I write this as my home town of Chicago passes a grim milestone: 500 shooting deaths. Although the national attention on handgun violence may have averted from the horrific slaughter in Newtown, Connecticut, it's still a daily curse in most cities.
But we can't be bamboozled into thinking nothing can be done. Plenty can be accomplished and we should dedicate ourselves to finding some remedies. Gun liability insurance is one approach.
First of all, the esteemed British business journal The Economist has endorsed the concept, which I first wrote about nearly a year ago. Here's a summary of their appraisal of the idea:
"It's an idea that seems to be gathering a bit of steam. At Forbes.com, John Wasik lays out the logic behind treating firearm deaths as a market externality to be compensated via insurance, as we do with cars (here they quote me): "Those most at risk to commit a gun crime would be known to the actuaries doing the research for insurers... An 80-year-old married woman in Fort Lauderdale would get a great rate. A 20-year-old in inner-city Chicago wouldn’t be able to afford it.
A 32-year-old man with a record of drunk driving and domestic violence would have a similar problem." Robert Cyran and Reynolds Holding write that mandatory liability insurance is a measure that could pass Supreme Court muster where other restrictions might fail: "[T]here’s a strong argument that damage caused by firearms gives the government a 'compelling interest' to require insurance, the test for infringing a constitutional right."
Also urging more discussion on the proposal was the conservative National Review online:
"One concern is that this proposal might make firearms prohibitively expensive for certain kinds of people, e.g., men under the age of 35. Over time, underwriting would presumably grow more sophisticated, thus protecting the interests of responsible gun owners. Regardless, Wasik’s idea merits further discussion."
In the interim, I've presented the proposal to a room full of lawyers; both of my senators, including top Democrat Dick Durbin (D-IL); my congressional representative (Joe Walsh, at the moment); my state representative; Ill. Gov. Pat Quinn; Ill. Attorney General Lisa Madigan; the League of Women Voters; the leadership of the House Progressive caucus and people in my political network.

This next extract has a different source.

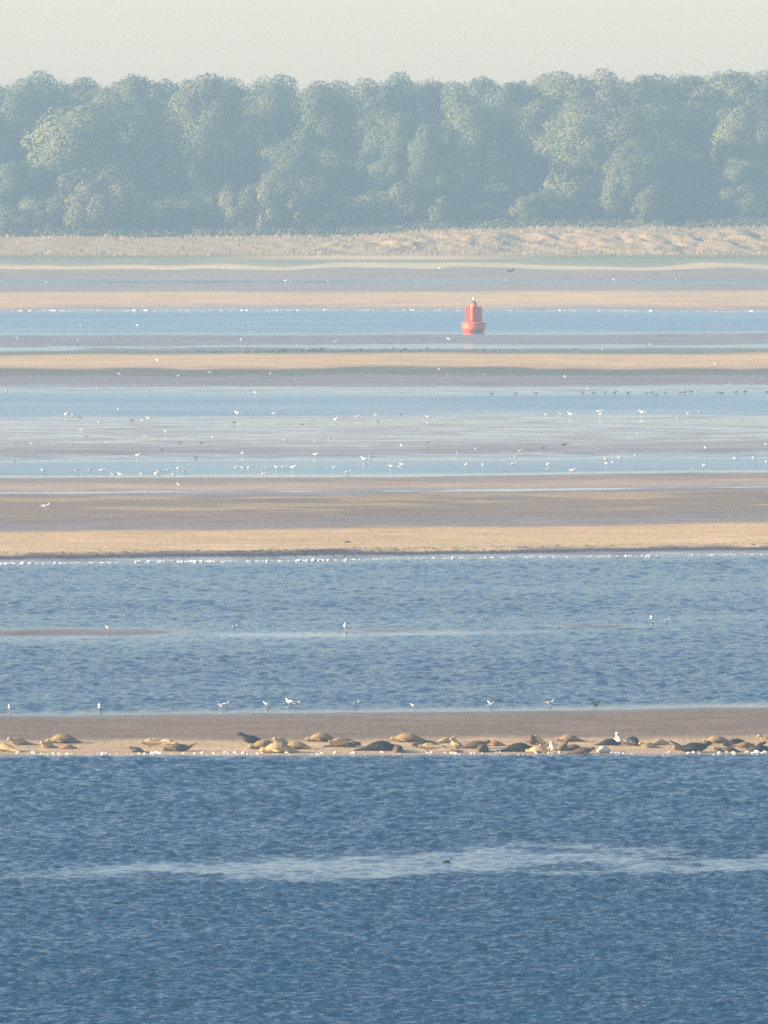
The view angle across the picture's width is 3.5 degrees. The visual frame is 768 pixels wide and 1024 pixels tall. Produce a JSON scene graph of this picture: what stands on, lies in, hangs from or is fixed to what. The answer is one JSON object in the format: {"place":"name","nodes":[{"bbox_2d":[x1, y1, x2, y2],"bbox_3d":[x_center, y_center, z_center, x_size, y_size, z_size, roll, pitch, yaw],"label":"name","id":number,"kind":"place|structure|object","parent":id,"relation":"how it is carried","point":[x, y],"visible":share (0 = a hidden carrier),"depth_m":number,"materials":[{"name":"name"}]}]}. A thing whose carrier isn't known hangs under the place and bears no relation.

While I think that insurance is one route among many -- and it's certainly an imperfect approach -- my aim is to start a national discussion to see if it's possible.
I think we should use markets to price the risk without butting up against the 2nd amendment. There are no prohibitions or confiscations involved. A tax would pay for administration and recordkeeping. And the insurance companies would price the risk according to age, personal history, location and other factors. The process would be fully privatized.
In talking to people across the country and viewing comments on this blog, here are some legitimate questions and possible directions to take:
* Okay, so you make people buy liability insurance. What about the gangbangers and criminals who obtain the guns illegally?
This will still be a problem, but since the purchaser and seller must buy the insurance, it may cut down on "straw" sales. A tax on sales would also pay for better administration and tracking.
* There is no federal regulation of insurance, so what do you want Congress to do?
Congress still has the power to tax. It can tax every transaction and fund better enforcement of existing gun laws and weapons/ammunition tracking. If we can put in microchips to track dogs -- my pooch has one -- we can certainly do this with guns and ammo to make them traceable. The current laws are full of loopholes that need to be closed. I would surmise that if liability legislation gains any traction, it will have to happen on the state level. State insurance departments and industry lobbyists would then need to get behind it. There's also tens of billions of dollars of premium and renewal income associated with this approach, so it's in their best interests to pursue.
* But aren't you prohibiting the sale of weapons and won't that result in a 2nd amendment challenge?
Not necessarily. Like insuring any other form of property -- cars, homes, jewelry -- you can buy as many guns as you want. No restrictions. You'll just need to insure them. There are plenty of legal precedents. Most states require that you have vehicle insurance. Most mortgage sellers mandate that you have homeowner's insurance. You need dram shop insurance for a liquor license. You need all sorts of liability insurance to sell stepladders and run businessses. Why not require the same approach for guns, which pose plenty of social and economic liability?